The comment period for the Environmental Protection Agency’s Clean Power Plan closed December 1, 2014, with over 1.6 million contributions, including over 200 from utilities, regulators, and other public agencies.
This is the proactive engagement with the Plan that White House Special Assistant to the President for Energy and Climate Change Dan Utech recently described to Utility Dive.
The controversial rule, made by the agency under its authority from Section 111(d) of the Clean Air Act and affirmed by the Supreme Court, is aimed at cutting U.S. greenhouse gas emissions 30% below a 2012 benchmark by 2030.
“Someday, our children, and our children’s children, will look at us in the eye and they’ll ask us, did we do all that we could when we had the chance to deal with this problem and leave them a cleaner, safe, more stable world?” President Obama said about the plan. ““I refuse to condemn your generation and future generations to a planet that’s beyond fixing.”
The Plan sets specific emissions reductions for each state and offers 4 strategies to achieve them: States can (1) make their coal plants cleaner, (2) increase their use of natural gas, (3) develop nuclear and renewables portfolios, and/or (4) introduce demand side efficiencies. States also have the option of regional collaboration. The choices are aimed at leaving states as much flexibility as possible.

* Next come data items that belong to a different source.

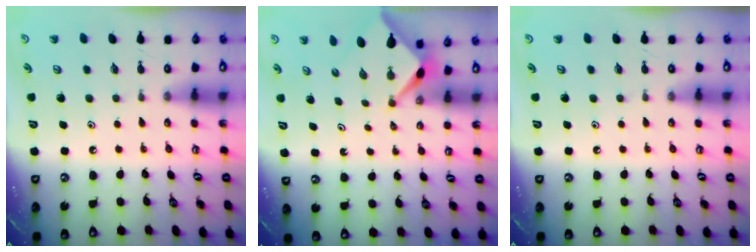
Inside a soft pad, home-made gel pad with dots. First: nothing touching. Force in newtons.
{"total": 2.5, "press": 2.5, "slide": 0.3}
{"total": 0.0}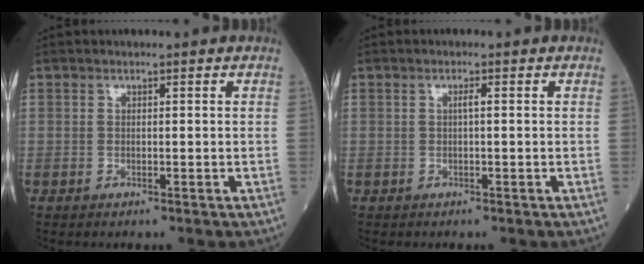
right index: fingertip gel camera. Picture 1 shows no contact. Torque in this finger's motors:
{"motor_torque": [0.15, 0.00, 0.10, 0.03]}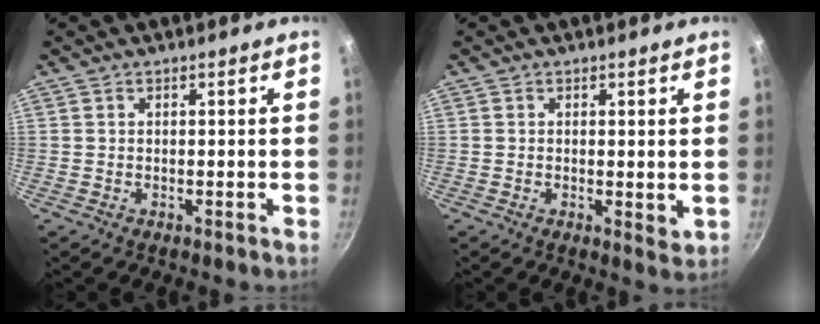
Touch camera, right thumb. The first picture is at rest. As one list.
[{"total": 2.2, "force": [0.3, 0.9, 2.0], "torque": [-0.031, -0.007, 0.004]}]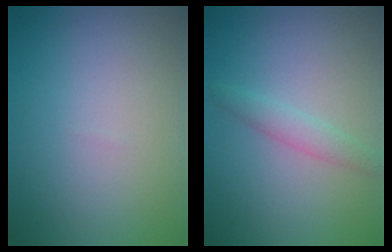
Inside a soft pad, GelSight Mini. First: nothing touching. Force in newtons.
{"total": 1.9, "press": 1.9, "slide": 0.1}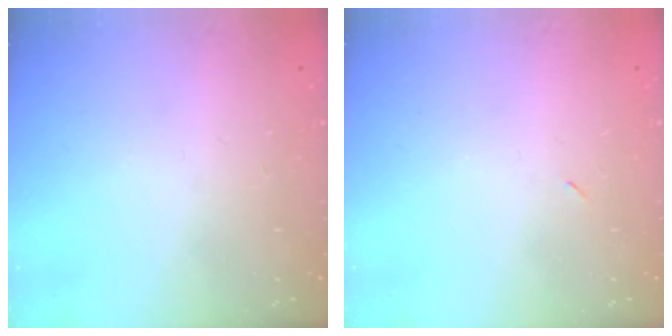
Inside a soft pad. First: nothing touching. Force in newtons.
{"total": 2.2, "press": 1.8, "slide": 1.2}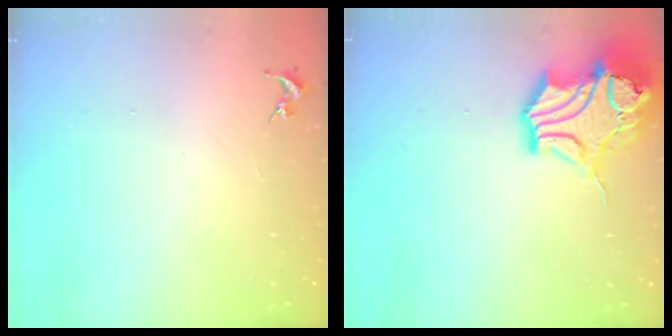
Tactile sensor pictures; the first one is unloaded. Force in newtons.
{"total": 19.8, "press": 19.6, "slide": 2.6}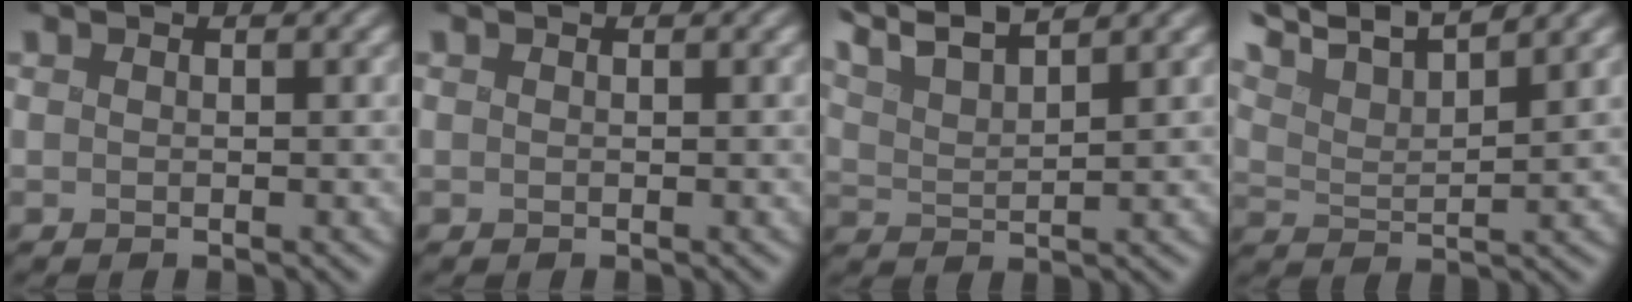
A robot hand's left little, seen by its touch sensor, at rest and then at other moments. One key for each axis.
{"total": 0.0}
{"total": 9.0, "fx": 7.0, "fy": 2.1, "fz": 5.2, "tx": -0.107, "ty": 0.029, "tz": 0.083}
{"total": 8.6, "fx": 7.1, "fy": 1.9, "fz": 4.5, "tx": -0.096, "ty": 0.015, "tz": 0.099}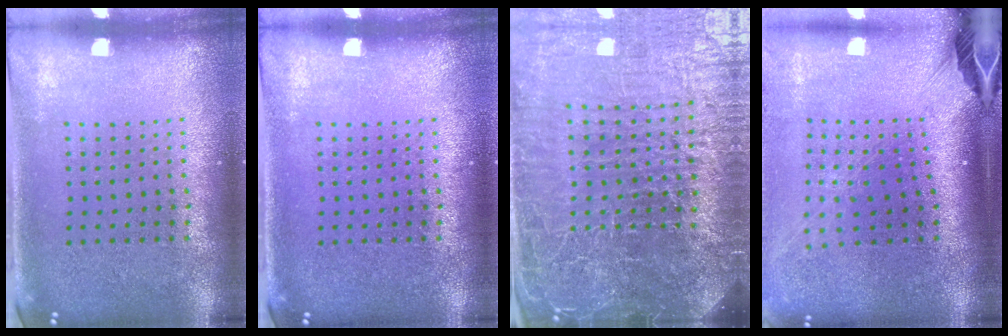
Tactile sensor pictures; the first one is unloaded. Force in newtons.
{"total": 0.0}
{"total": 6.9, "press": 6.1, "slide": 3.3}
{"total": 2.6, "press": 1.8, "slide": 1.8}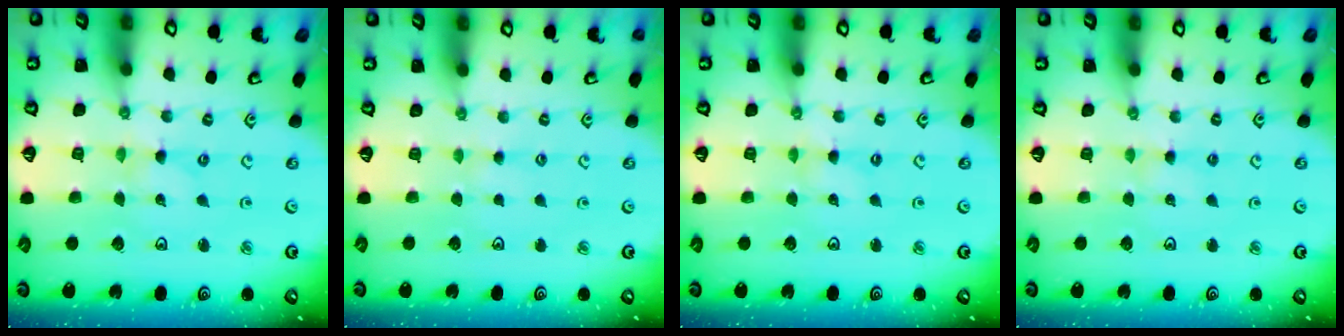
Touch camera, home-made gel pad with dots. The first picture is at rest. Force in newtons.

Attorneys General of Oklahoma, West Virginia, Nebraska, Alabama, Florida, Georgia, Indiana, Kansas, Louisiana, Michigan, Montana, North Dakota, Ohio, South Carolina, South Dakota, Utah, and Wyoming are suing. "The proposed rule has numerous legal defects, each of which provides an independent basis to invalidate,” they jointly commented.
The EPA (1) does not have the authority to regulate existing power plants, (2) must finalize efforts with new plants before doing so, (3) has no authority over states’ energy generation, (4) imposes too-costly, inadequately flexible, and physically impossible standards, and (5) exceeds EPA the Federal Power Act authority, they argued.
Other legal challenges are in the works.
Regional transmission operator (RTO) Southwest Power Pool has 3 areas of “concern” about the rule, according to comments from President/CEO Nicholas A. Brown. It will impact reliability, the timing makes it “infeasible,” and it will compromise market dispatch. The timeframe must be modified “to avoid imposition of unnecessarily high costs and reliability risks.”
During that time, the EPA and the Federal Energy Regulatory Commission should do further planning for the necessary infrastructure to make emissions cuts practical and introduce “the ‘reliability safety valve’ as proposed by the ISO/RTO Council.”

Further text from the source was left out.